ACTION ITEM → Would you restate the entries below word for word, leaving out the images?

DATA FOR THE TASK →
------

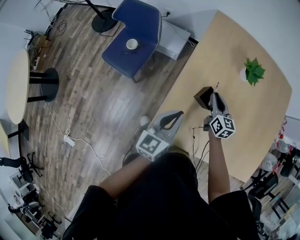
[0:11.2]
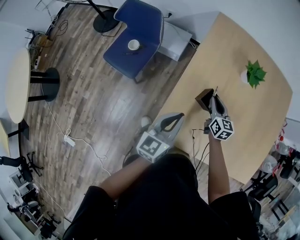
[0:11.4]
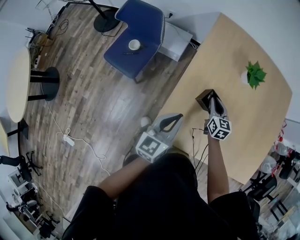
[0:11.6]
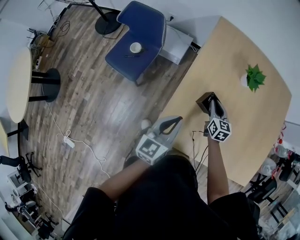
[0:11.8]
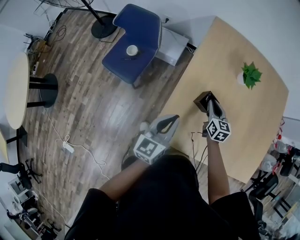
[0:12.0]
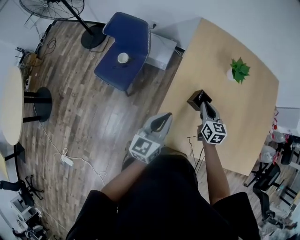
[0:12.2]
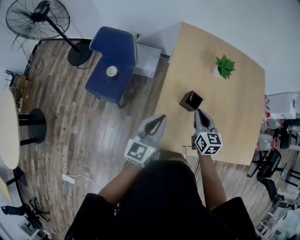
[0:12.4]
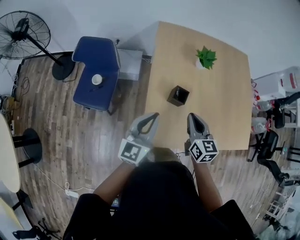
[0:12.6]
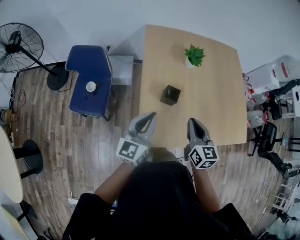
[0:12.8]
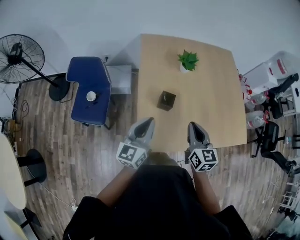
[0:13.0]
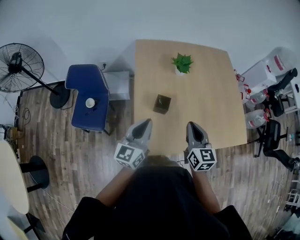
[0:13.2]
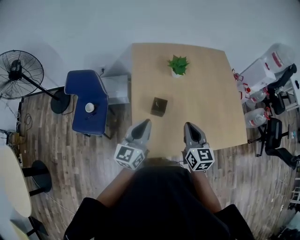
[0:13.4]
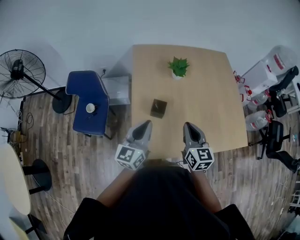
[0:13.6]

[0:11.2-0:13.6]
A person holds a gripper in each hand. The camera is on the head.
0:11.2 to 0:12.4: The right gripper shifts some 15 cm upward, backward and to the left; the left gripper goes approximately 10 cm to the left and upward.
0:12.4 to 0:13.6: The right gripper goes approximately 20 cm to the right, upward and backward, while the left gripper heads to the right and upward, covering roughly 15 cm.

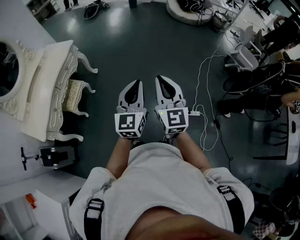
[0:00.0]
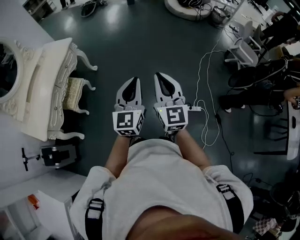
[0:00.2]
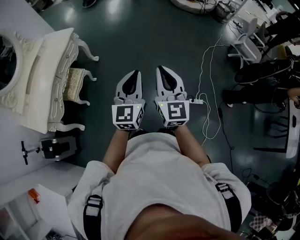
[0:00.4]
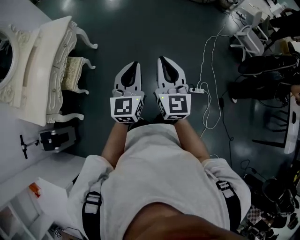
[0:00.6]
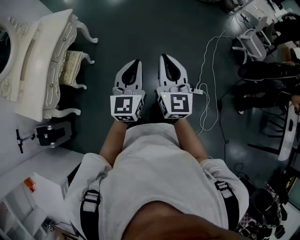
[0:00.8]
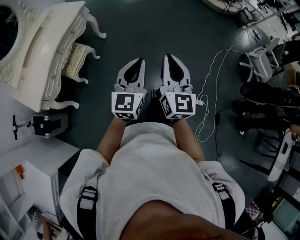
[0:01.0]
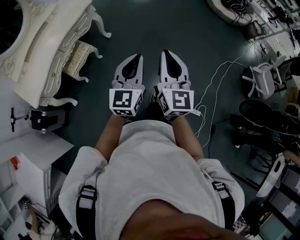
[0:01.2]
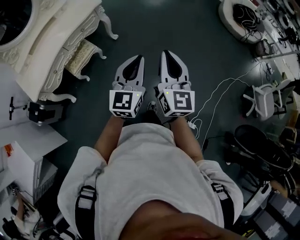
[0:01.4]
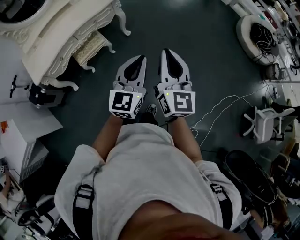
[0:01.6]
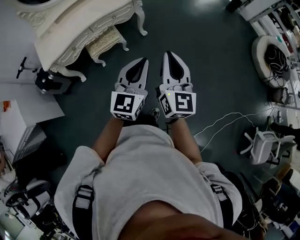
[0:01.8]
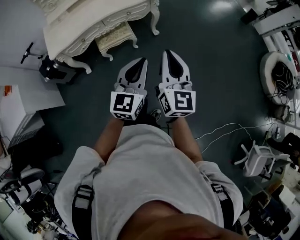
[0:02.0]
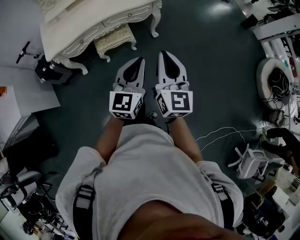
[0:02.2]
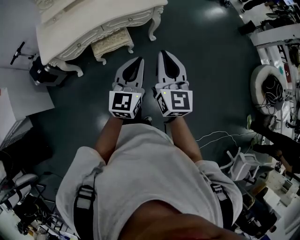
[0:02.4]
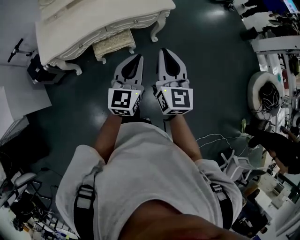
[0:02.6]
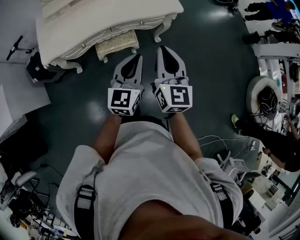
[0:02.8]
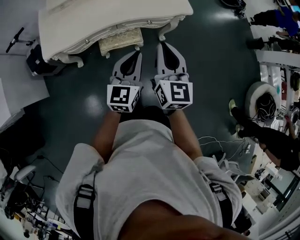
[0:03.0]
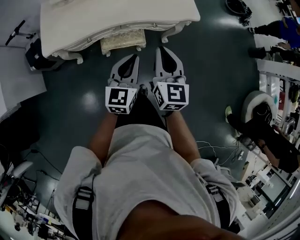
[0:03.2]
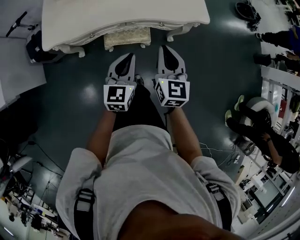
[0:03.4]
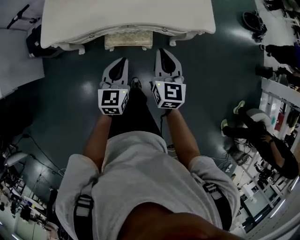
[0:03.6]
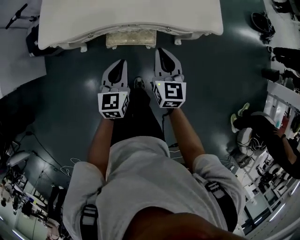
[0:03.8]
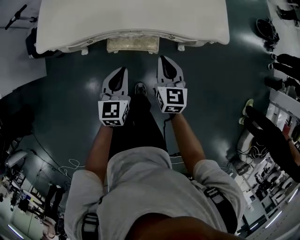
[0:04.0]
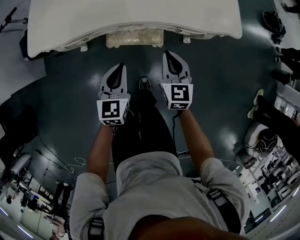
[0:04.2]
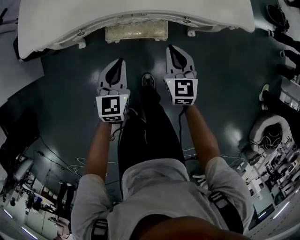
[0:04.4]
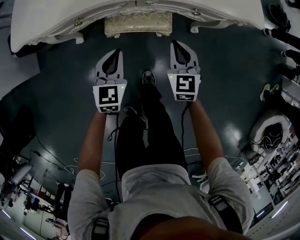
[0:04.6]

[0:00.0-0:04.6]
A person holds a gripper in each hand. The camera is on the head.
0:00.0 to 0:01.6: The right gripper ends up roughly 30 cm from where it was, and turns by about 30 degrees, while the left gripper moves some 25 cm, and swivels some 30 degrees.
0:01.6 to 0:03.0: The two grippers travel together, approximately 40 cm. The left gripper changes its angle by approximately 30 degrees. The right gripper changes its angle by roughly 30 degrees.
0:03.0 to 0:04.6: The two grippers go about 40 cm downward. The right gripper rotates about 30 degrees; the left gripper changes its angle by approximately 30 degrees.
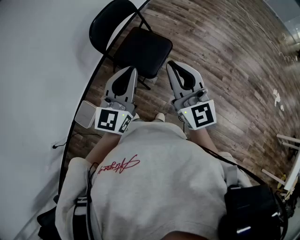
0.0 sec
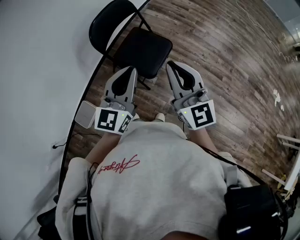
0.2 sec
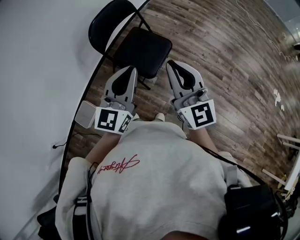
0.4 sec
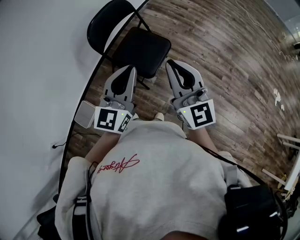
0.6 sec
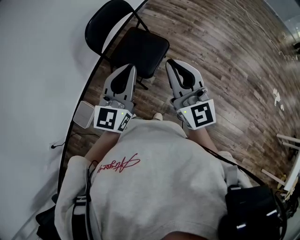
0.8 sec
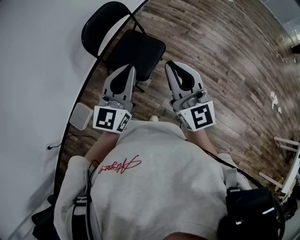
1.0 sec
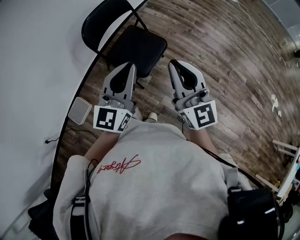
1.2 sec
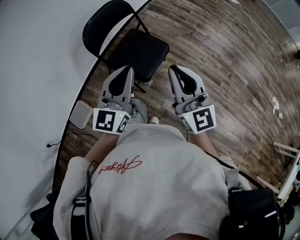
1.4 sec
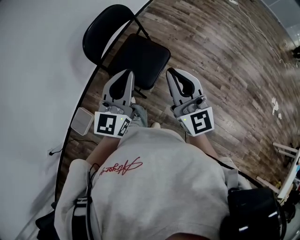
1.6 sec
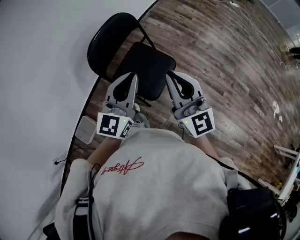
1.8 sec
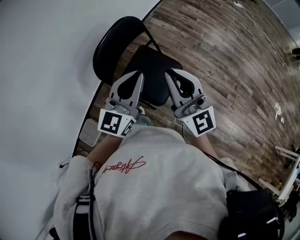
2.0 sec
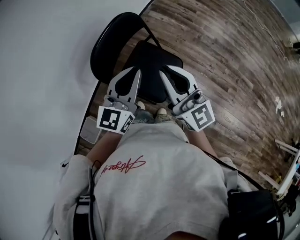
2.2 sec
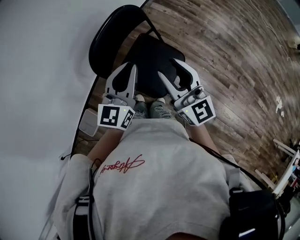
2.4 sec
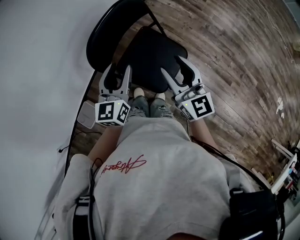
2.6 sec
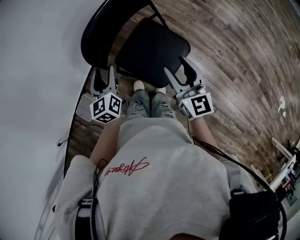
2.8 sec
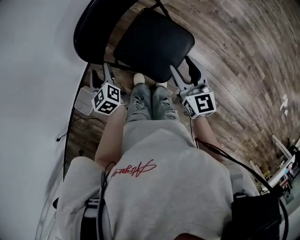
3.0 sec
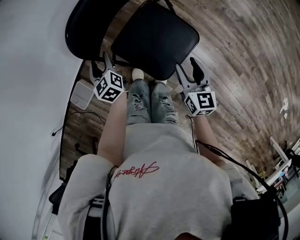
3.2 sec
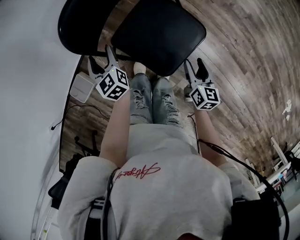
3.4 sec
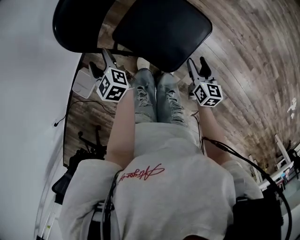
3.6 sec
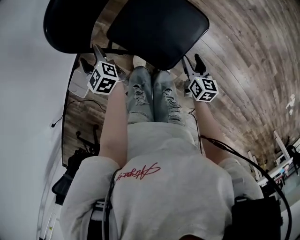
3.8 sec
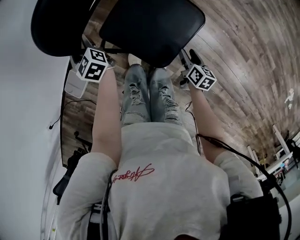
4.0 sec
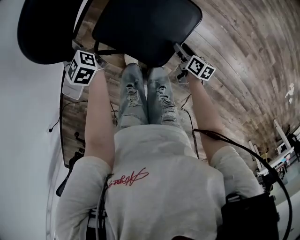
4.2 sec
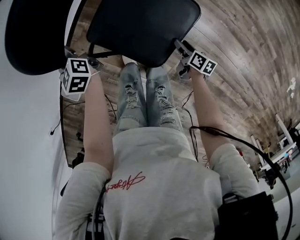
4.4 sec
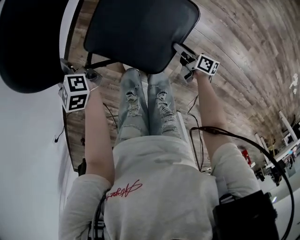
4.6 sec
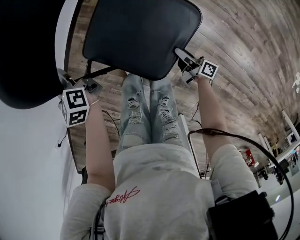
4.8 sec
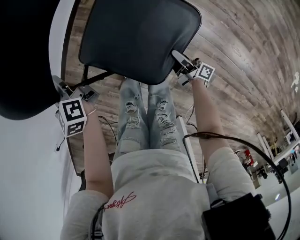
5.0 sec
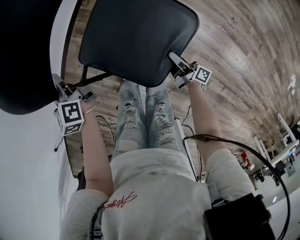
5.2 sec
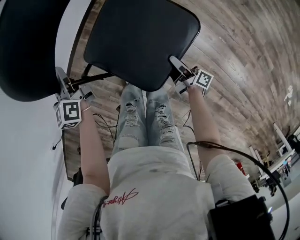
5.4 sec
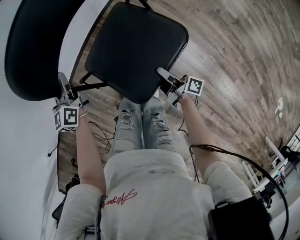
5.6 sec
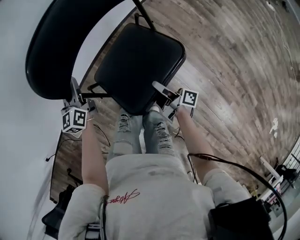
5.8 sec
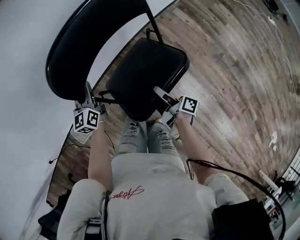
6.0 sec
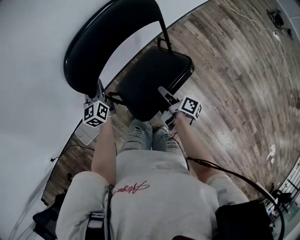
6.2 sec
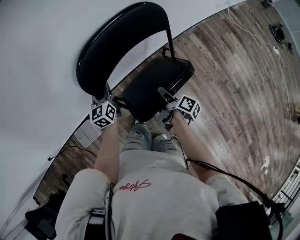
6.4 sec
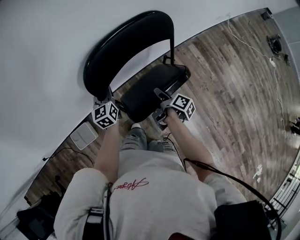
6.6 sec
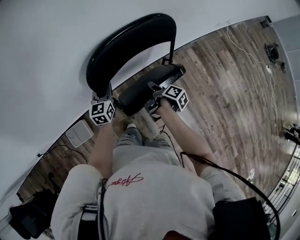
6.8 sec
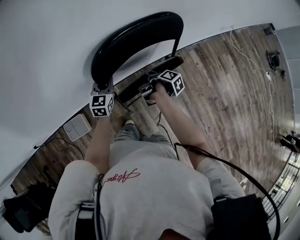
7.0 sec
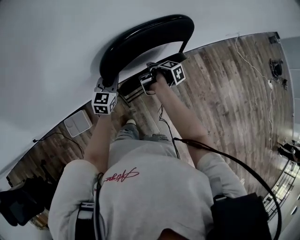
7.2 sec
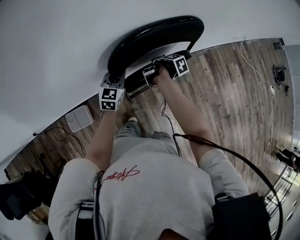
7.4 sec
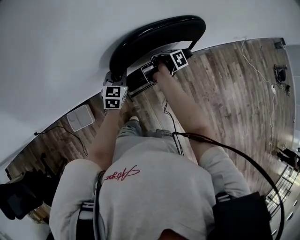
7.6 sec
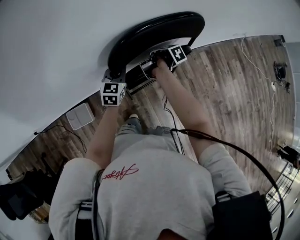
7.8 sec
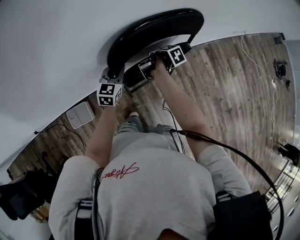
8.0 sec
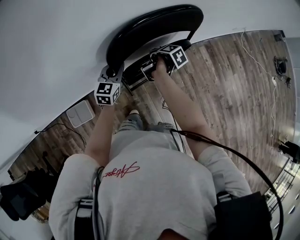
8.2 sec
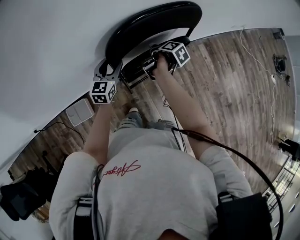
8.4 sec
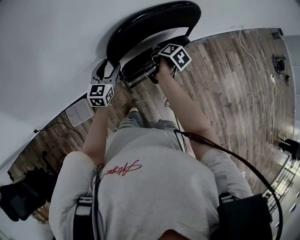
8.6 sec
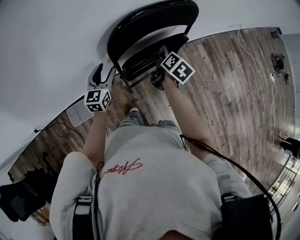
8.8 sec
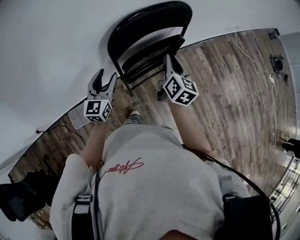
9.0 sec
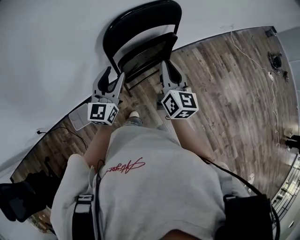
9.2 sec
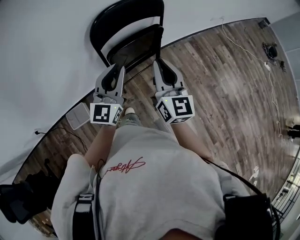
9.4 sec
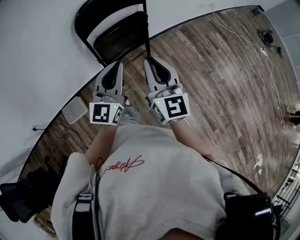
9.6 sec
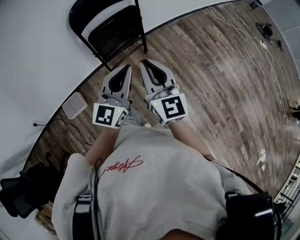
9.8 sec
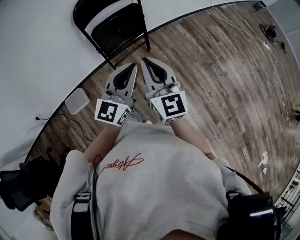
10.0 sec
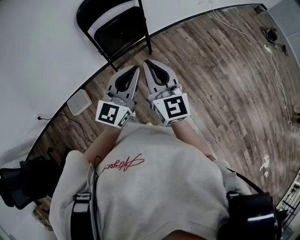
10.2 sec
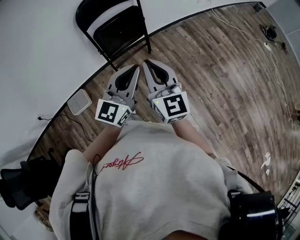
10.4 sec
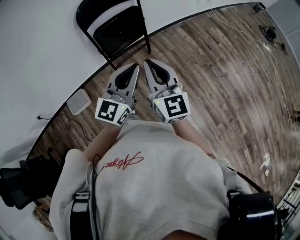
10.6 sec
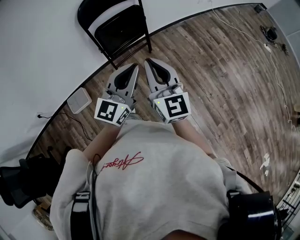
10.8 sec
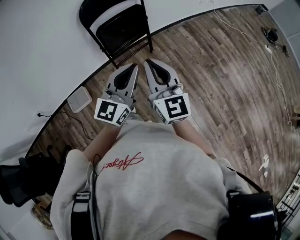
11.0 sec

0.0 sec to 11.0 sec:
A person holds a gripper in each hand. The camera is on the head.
0.0 sec to 1.6 sec: Both grippers move forward, approximately 5 cm.
1.6 sec to 3.2 sec: The two grippers go roughly 35 cm downward. The left gripper tilts its fingers some 40 degrees downward, and opens. Meanwhile the right gripper angles its fingers downward, by some 30 degrees, and opens.
3.2 sec to 4.8 sec: The right gripper moves downward, approximately 30 cm, and rolls clockwise, seen from behind, by roughly 60 degrees. Meanwhile the left gripper heads forward, covering roughly 10 cm, and closes up.
4.8 sec to 6.2 sec: The left gripper travels upward and forward by approximately 15 cm, and rotates about 20 degrees. Meanwhile the right gripper goes some 35 cm forward, upward and to the left, and closes.
6.2 sec to 7.8 sec: The left gripper moves approximately 5 cm; the right gripper heads forward and to the left, covering roughly 25 cm, and angles its fingers downward, by approximately 40 degrees.
7.8 sec to 9.4 sec: The left gripper goes roughly 35 cm upward, backward and to the right, angles its fingers upward, by approximately 30 degrees, and opens and closes again, while the right gripper heads upward and backward, covering about 40 cm, tips its fingers upward by some 60 degrees, and closes its fingers.
9.4 sec to 11.0 sec: Both grippers travel together backward and to the right, approximately 25 cm.

------

EXERCISE OUTPUT →
[0:11.2]
[0:11.4]
[0:11.6]
[0:11.8]
[0:12.0]
[0:12.2]
[0:12.4]
[0:12.6]
[0:12.8]
[0:13.0]
[0:13.2]
[0:13.4]
[0:13.6]

[0:11.2-0:13.6]
A person holds a gripper in each hand. The camera is on the head.
0:11.2 to 0:12.4: The right gripper shifts some 15 cm upward, backward and to the left; the left gripper goes approximately 10 cm to the left and upward.
0:12.4 to 0:13.6: The right gripper goes approximately 20 cm to the right, upward and backward, while the left gripper heads to the right and upward, covering roughly 15 cm.

[0:00.0]
[0:00.2]
[0:00.4]
[0:00.6]
[0:00.8]
[0:01.0]
[0:01.2]
[0:01.4]
[0:01.6]
[0:01.8]
[0:02.0]
[0:02.2]
[0:02.4]
[0:02.6]
[0:02.8]
[0:03.0]
[0:03.2]
[0:03.4]
[0:03.6]
[0:03.8]
[0:04.0]
[0:04.2]
[0:04.4]
[0:04.6]

[0:00.0-0:04.6]
A person holds a gripper in each hand. The camera is on the head.
0:00.0 to 0:01.6: The right gripper ends up roughly 30 cm from where it was, and turns by about 30 degrees, while the left gripper moves some 25 cm, and swivels some 30 degrees.
0:01.6 to 0:03.0: The two grippers travel together, approximately 40 cm. The left gripper changes its angle by approximately 30 degrees. The right gripper changes its angle by roughly 30 degrees.
0:03.0 to 0:04.6: The two grippers go about 40 cm downward. The right gripper rotates about 30 degrees; the left gripper changes its angle by approximately 30 degrees.
0.0 sec
0.2 sec
0.4 sec
0.6 sec
0.8 sec
1.0 sec
1.2 sec
1.4 sec
1.6 sec
1.8 sec
2.0 sec
2.2 sec
2.4 sec
2.6 sec
2.8 sec
3.0 sec
3.2 sec
3.4 sec
3.6 sec
3.8 sec
4.0 sec
4.2 sec
4.4 sec
4.6 sec
4.8 sec
5.0 sec
5.2 sec
5.4 sec
5.6 sec
5.8 sec
6.0 sec
6.2 sec
6.4 sec
6.6 sec
6.8 sec
7.0 sec
7.2 sec
7.4 sec
7.6 sec
7.8 sec
8.0 sec
8.2 sec
8.4 sec
8.6 sec
8.8 sec
9.0 sec
9.2 sec
9.4 sec
9.6 sec
9.8 sec
10.0 sec
10.2 sec
10.4 sec
10.6 sec
10.8 sec
11.0 sec

0.0 sec to 11.0 sec:
A person holds a gripper in each hand. The camera is on the head.
0.0 sec to 1.6 sec: Both grippers move forward, approximately 5 cm.
1.6 sec to 3.2 sec: The two grippers go roughly 35 cm downward. The left gripper tilts its fingers some 40 degrees downward, and opens. Meanwhile the right gripper angles its fingers downward, by some 30 degrees, and opens.
3.2 sec to 4.8 sec: The right gripper moves downward, approximately 30 cm, and rolls clockwise, seen from behind, by roughly 60 degrees. Meanwhile the left gripper heads forward, covering roughly 10 cm, and closes up.
4.8 sec to 6.2 sec: The left gripper travels upward and forward by approximately 15 cm, and rotates about 20 degrees. Meanwhile the right gripper goes some 35 cm forward, upward and to the left, and closes.
6.2 sec to 7.8 sec: The left gripper moves approximately 5 cm; the right gripper heads forward and to the left, covering roughly 25 cm, and angles its fingers downward, by approximately 40 degrees.
7.8 sec to 9.4 sec: The left gripper goes roughly 35 cm upward, backward and to the right, angles its fingers upward, by approximately 30 degrees, and opens and closes again, while the right gripper heads upward and backward, covering about 40 cm, tips its fingers upward by some 60 degrees, and closes its fingers.
9.4 sec to 11.0 sec: Both grippers travel together backward and to the right, approximately 25 cm.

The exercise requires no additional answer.